Wow that is a great photo! I've heard of some nat geo photographers finding work by just sending in a picture of theirs. Believe in yourself always! Take pictures and show them off, it never hurts to make a quick effort.


----------



## Heather Koch (Apr 1, 2015)

WOW, that is totally rad!  Congrats


----------



## annamaria (Apr 1, 2015)

Wow! Congrats!


----------



## runnah (Apr 1, 2015)

When are you going to tell them you used canon glass


----------



## snerd (Apr 1, 2015)

Yes, that is totally awesome! Congrats!!


----------



## BillM (Apr 1, 2015)

Congrats, the recognition is well deserved, that photo is stunning !!!
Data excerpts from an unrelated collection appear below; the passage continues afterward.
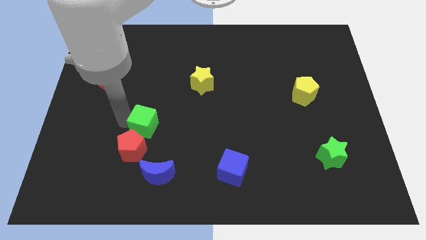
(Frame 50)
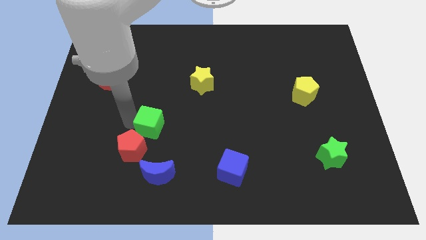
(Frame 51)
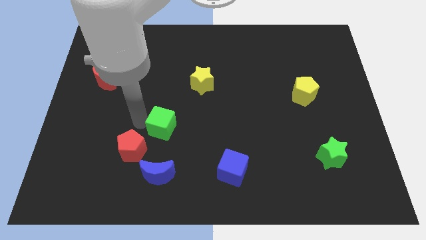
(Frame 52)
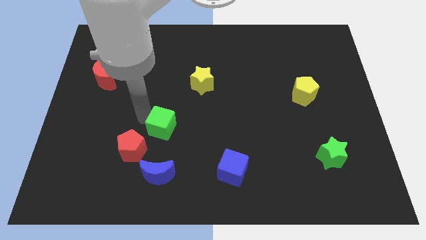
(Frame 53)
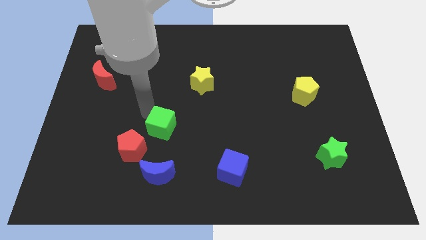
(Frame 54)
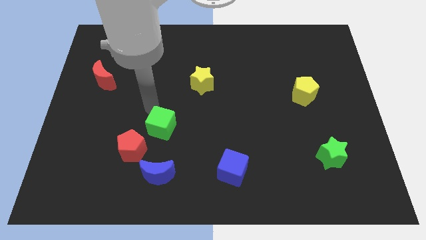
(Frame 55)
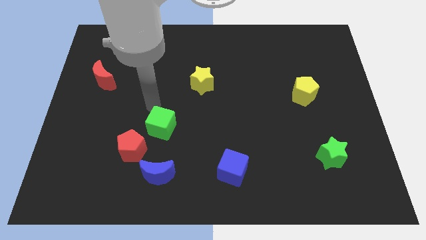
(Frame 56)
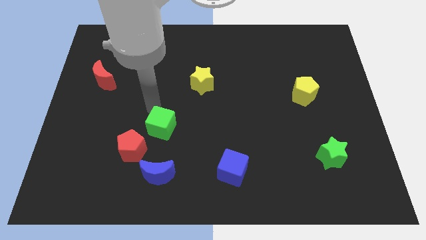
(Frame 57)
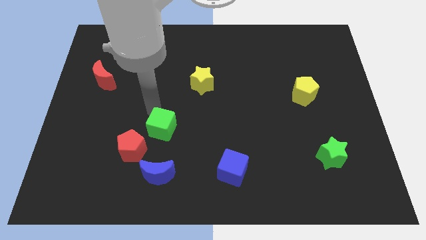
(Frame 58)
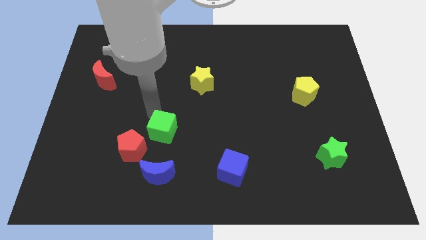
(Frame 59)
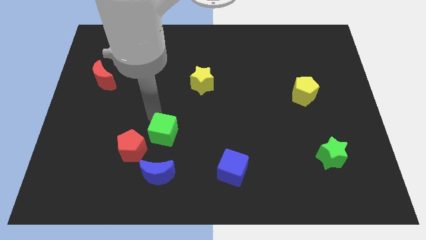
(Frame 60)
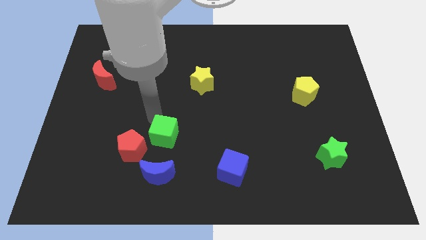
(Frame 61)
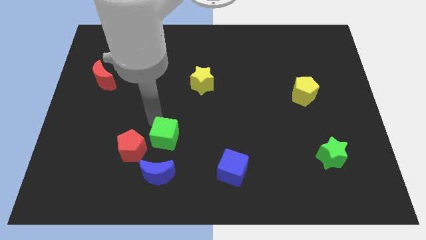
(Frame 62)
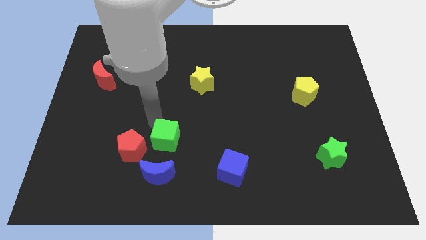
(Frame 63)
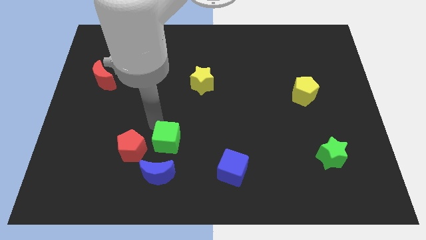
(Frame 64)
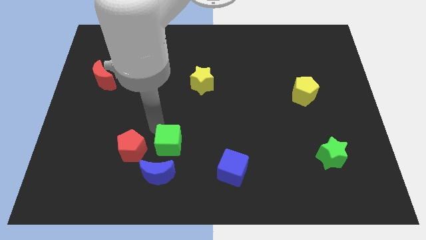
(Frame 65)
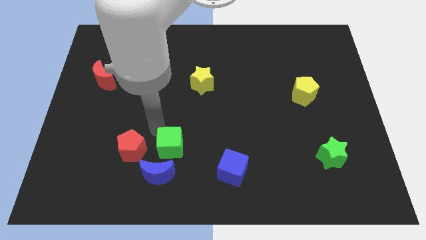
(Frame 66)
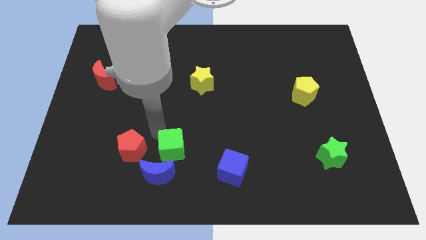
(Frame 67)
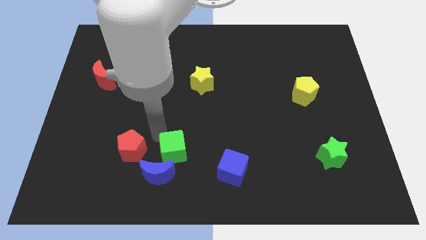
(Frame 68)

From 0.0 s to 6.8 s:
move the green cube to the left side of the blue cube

So how about you tell us what lens it was ??? And when these workshops might be


----------



## jsecordphoto (Apr 2, 2015)

BillM said:


> Congrats, the recognition is well deserved, that photo is stunning !!!
> 
> So how about you tell us what lens it was ??? And when these workshops might be



Thanks Bill! I used the Tokina 16-28 f2.8. As for the workshops, I just need to update my site with the info later today (busiest week I've had in a long time). We have permits and locations lined up in Acadia, a few spots in the white mountains,  and hopefully one on Cape Cod (waiting to hear back from the town  board on that one). The photographer I'm doing them with taught me a lot when I first learned to shoot at night like 2 years ago now, so it was very cool when he asked me to start co-hosting with him. 

We have a bit of a different style as well which will eventually change how we structure the workshops. He does amazing timelapse work and likes to mostly get everything in one frame, while I do a lot of focus stacking and exposure blending with long foreground exposures. Obviously these workshops will focus on the basics of getting the shots, but we'll also be doing some more advanced stuff in other workshops with smaller groups.


----------



## Tabe (Apr 2, 2015)

I was going to be funny and congratulate you for them using your photo of their lenses   but instead I'll just go with:

WAY TO GO!  THAT'S AWESOME!


----------